■ PROVIDED RECORDS
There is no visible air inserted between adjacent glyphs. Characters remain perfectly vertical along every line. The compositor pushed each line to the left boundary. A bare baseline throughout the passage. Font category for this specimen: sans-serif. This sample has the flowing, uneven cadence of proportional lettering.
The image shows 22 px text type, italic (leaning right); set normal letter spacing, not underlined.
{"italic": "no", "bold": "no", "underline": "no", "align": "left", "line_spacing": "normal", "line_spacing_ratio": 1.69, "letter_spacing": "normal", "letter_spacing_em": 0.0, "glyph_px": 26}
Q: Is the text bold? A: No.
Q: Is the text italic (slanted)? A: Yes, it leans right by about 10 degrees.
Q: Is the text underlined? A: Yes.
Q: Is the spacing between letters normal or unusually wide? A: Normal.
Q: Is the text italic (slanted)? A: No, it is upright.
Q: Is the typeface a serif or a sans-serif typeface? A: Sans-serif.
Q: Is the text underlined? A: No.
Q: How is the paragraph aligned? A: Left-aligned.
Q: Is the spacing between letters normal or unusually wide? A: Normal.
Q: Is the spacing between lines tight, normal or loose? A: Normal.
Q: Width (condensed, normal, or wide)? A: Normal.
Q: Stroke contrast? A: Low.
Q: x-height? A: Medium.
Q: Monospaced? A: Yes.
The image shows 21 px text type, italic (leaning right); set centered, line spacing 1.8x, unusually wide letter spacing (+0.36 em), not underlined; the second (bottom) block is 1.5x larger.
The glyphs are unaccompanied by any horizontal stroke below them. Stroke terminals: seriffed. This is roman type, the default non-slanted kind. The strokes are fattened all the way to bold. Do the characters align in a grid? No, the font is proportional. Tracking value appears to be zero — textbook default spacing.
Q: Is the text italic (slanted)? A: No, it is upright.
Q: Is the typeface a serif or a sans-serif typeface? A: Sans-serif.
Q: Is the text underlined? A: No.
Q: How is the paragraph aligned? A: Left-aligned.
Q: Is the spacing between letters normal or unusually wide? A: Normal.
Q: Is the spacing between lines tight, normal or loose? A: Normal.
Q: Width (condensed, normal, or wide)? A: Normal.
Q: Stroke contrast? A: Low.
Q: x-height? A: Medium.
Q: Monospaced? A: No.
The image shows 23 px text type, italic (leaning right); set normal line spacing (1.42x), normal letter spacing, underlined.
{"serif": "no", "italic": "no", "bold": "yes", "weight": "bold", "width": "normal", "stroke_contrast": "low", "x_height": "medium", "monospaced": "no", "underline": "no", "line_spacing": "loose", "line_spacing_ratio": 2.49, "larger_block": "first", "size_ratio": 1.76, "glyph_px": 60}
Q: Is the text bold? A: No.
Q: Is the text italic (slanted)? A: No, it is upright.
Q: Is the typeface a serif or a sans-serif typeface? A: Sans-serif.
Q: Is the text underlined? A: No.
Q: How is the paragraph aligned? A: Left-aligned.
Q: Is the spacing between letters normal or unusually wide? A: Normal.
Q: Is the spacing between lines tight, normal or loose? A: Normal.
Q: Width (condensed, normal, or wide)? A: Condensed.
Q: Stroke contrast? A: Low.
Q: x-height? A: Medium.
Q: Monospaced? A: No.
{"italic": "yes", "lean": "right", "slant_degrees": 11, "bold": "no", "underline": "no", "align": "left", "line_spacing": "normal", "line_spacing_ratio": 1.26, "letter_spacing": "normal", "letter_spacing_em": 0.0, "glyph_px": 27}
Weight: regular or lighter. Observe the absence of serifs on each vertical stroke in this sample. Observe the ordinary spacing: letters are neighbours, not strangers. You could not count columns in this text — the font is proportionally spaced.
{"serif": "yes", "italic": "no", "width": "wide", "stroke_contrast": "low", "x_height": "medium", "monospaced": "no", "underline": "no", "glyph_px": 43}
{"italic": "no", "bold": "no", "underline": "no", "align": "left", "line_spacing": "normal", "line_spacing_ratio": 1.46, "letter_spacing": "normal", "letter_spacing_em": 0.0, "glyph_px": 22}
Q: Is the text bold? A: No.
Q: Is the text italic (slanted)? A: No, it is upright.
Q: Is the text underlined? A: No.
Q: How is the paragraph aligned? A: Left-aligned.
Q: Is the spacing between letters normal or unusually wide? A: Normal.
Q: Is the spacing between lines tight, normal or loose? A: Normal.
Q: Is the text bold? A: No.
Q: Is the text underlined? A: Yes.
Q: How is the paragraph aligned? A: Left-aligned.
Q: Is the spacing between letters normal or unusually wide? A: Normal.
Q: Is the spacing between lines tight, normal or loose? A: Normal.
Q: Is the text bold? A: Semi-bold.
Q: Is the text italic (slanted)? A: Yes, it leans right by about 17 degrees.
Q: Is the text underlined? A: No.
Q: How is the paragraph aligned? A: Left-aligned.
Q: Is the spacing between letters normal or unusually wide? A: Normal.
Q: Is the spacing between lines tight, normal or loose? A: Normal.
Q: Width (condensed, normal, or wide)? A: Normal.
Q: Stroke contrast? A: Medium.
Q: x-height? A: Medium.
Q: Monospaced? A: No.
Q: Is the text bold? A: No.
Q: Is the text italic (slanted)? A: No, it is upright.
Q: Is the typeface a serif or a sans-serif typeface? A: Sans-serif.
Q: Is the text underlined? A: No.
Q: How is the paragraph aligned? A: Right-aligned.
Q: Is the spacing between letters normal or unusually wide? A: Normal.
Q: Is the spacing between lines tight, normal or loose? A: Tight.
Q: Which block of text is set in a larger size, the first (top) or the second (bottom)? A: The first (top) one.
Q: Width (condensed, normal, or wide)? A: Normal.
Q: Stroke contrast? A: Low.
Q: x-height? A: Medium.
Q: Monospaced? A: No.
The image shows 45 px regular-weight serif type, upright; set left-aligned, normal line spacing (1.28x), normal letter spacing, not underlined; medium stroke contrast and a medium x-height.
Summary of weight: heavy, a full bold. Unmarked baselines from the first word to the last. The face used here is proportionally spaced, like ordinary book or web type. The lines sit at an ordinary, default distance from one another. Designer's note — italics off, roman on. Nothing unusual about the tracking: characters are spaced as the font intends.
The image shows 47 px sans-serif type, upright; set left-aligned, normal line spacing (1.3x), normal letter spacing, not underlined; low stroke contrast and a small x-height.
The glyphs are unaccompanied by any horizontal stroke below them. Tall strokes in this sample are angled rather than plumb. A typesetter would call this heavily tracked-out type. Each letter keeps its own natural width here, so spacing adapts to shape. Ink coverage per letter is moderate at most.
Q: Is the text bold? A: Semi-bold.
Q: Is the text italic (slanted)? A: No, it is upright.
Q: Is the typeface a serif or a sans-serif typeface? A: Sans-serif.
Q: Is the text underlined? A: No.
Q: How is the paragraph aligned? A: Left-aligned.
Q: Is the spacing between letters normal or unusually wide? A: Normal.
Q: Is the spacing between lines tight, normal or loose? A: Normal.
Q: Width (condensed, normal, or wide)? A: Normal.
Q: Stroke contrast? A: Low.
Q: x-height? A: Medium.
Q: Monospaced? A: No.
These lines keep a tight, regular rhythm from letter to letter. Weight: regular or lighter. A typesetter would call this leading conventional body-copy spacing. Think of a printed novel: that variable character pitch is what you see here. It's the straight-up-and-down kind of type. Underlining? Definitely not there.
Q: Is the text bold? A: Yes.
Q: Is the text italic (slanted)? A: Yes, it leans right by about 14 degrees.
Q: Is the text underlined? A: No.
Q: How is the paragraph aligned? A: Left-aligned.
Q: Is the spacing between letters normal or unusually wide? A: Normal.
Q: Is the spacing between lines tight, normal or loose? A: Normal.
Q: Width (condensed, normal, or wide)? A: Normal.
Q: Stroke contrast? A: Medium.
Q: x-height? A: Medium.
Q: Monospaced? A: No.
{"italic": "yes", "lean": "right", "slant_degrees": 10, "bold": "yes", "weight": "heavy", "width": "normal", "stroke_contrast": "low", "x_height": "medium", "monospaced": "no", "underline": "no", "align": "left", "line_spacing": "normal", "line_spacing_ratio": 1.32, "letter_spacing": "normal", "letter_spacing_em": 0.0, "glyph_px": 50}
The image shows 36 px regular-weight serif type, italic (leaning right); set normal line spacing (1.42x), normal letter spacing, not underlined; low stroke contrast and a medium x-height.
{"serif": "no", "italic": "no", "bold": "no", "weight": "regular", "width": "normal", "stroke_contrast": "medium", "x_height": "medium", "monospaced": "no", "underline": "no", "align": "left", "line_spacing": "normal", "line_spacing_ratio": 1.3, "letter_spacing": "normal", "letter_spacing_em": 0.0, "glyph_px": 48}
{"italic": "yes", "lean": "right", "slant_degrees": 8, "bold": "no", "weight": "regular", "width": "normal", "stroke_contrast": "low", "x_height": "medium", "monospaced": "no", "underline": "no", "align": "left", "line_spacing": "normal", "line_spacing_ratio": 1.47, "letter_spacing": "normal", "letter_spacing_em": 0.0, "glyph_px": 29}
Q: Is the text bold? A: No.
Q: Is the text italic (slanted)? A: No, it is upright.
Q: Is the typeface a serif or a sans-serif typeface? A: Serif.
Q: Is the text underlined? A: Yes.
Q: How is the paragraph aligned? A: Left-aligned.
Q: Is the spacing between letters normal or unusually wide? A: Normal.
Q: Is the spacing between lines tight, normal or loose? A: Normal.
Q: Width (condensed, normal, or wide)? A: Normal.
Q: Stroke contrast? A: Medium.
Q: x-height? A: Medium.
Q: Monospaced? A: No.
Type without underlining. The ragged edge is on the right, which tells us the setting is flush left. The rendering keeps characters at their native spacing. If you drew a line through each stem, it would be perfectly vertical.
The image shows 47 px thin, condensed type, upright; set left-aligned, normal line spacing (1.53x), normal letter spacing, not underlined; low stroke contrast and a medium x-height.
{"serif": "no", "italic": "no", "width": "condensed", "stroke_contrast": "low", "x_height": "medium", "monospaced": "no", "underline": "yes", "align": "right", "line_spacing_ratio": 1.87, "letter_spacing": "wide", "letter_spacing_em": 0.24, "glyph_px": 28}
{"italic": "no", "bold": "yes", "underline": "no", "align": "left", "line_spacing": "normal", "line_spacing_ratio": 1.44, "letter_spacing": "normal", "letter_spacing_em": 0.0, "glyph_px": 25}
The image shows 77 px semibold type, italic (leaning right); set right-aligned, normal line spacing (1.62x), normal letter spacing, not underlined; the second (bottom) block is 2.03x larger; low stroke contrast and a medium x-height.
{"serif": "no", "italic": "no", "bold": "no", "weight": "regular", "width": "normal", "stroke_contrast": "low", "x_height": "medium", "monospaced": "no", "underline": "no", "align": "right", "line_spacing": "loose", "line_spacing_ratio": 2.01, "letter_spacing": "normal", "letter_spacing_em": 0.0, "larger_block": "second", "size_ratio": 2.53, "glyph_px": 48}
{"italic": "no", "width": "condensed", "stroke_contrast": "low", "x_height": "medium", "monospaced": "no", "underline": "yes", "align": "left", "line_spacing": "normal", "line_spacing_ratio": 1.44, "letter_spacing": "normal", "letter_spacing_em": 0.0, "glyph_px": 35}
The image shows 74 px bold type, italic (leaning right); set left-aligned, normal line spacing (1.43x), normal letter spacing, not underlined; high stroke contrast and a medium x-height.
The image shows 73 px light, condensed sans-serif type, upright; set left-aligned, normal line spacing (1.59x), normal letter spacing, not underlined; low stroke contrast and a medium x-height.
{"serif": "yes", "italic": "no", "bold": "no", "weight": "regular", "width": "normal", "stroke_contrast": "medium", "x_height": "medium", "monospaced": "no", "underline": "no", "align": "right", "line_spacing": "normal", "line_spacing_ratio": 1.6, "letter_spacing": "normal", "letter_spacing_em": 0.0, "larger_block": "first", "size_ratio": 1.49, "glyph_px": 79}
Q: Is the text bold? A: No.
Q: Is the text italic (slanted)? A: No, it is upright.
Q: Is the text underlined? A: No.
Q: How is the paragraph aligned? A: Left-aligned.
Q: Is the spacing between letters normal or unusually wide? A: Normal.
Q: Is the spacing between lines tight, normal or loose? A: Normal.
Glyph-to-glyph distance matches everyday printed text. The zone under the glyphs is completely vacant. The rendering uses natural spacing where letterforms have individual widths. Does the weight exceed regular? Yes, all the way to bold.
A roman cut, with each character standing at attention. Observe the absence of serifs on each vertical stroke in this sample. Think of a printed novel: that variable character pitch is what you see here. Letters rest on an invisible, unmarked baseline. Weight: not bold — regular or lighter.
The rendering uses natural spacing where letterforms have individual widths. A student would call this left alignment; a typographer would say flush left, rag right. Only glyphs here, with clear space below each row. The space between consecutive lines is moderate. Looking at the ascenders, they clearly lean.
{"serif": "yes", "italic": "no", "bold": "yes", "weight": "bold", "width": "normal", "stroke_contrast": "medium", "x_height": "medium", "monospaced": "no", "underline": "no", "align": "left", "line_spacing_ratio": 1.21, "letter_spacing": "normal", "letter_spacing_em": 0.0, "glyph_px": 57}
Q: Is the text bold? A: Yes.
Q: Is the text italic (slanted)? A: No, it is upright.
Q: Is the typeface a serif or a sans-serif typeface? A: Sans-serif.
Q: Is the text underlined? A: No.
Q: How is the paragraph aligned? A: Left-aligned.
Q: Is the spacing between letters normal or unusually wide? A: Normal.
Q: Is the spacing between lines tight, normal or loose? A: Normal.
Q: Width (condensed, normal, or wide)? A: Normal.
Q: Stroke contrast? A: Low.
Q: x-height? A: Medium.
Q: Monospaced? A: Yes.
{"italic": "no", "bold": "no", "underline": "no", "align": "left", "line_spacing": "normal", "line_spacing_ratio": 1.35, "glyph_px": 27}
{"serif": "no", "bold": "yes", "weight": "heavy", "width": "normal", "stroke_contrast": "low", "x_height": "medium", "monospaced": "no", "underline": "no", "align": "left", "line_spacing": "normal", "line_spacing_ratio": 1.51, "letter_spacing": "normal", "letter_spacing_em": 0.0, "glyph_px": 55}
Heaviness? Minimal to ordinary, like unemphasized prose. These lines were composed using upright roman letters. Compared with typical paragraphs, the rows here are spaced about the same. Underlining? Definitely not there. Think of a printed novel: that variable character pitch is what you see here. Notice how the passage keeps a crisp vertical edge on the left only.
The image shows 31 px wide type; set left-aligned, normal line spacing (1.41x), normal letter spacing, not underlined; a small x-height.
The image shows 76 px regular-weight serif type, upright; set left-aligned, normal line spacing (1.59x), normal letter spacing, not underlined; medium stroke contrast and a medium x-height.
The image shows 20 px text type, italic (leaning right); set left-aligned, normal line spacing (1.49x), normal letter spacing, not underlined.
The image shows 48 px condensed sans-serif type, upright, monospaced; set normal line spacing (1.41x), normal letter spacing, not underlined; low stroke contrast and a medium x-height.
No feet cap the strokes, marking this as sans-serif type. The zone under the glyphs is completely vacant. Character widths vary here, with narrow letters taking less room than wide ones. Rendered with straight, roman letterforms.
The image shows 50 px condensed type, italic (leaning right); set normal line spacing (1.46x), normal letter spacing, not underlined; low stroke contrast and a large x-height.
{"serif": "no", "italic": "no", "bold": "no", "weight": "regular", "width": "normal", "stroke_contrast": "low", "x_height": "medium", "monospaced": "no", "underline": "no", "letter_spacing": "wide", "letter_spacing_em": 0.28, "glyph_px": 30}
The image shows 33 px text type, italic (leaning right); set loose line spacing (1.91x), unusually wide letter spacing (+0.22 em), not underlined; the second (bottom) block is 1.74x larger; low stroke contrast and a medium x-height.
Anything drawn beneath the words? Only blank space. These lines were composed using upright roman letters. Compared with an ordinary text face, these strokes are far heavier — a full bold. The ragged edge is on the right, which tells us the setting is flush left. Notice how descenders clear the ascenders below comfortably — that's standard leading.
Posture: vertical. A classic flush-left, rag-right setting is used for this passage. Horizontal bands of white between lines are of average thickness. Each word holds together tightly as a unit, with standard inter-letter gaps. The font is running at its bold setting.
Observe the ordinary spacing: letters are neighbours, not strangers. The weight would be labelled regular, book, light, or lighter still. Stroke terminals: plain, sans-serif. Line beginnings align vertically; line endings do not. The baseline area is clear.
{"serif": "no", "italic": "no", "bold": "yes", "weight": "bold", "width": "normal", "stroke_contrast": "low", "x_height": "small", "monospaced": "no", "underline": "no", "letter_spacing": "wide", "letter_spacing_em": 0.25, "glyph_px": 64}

■ TASK STATEMENT
From the listing above, repeat exactly the lines starting at the line that includes "The image shows 31" and ending at the line that includes "The image shows 20", with nothing outside that span.

■ EXERCISE RESULT
The image shows 31 px wide type; set left-aligned, normal line spacing (1.41x), normal letter spacing, not underlined; a small x-height.
The image shows 76 px regular-weight serif type, upright; set left-aligned, normal line spacing (1.59x), normal letter spacing, not underlined; medium stroke contrast and a medium x-height.
The image shows 20 px text type, italic (leaning right); set left-aligned, normal line spacing (1.49x), normal letter spacing, not underlined.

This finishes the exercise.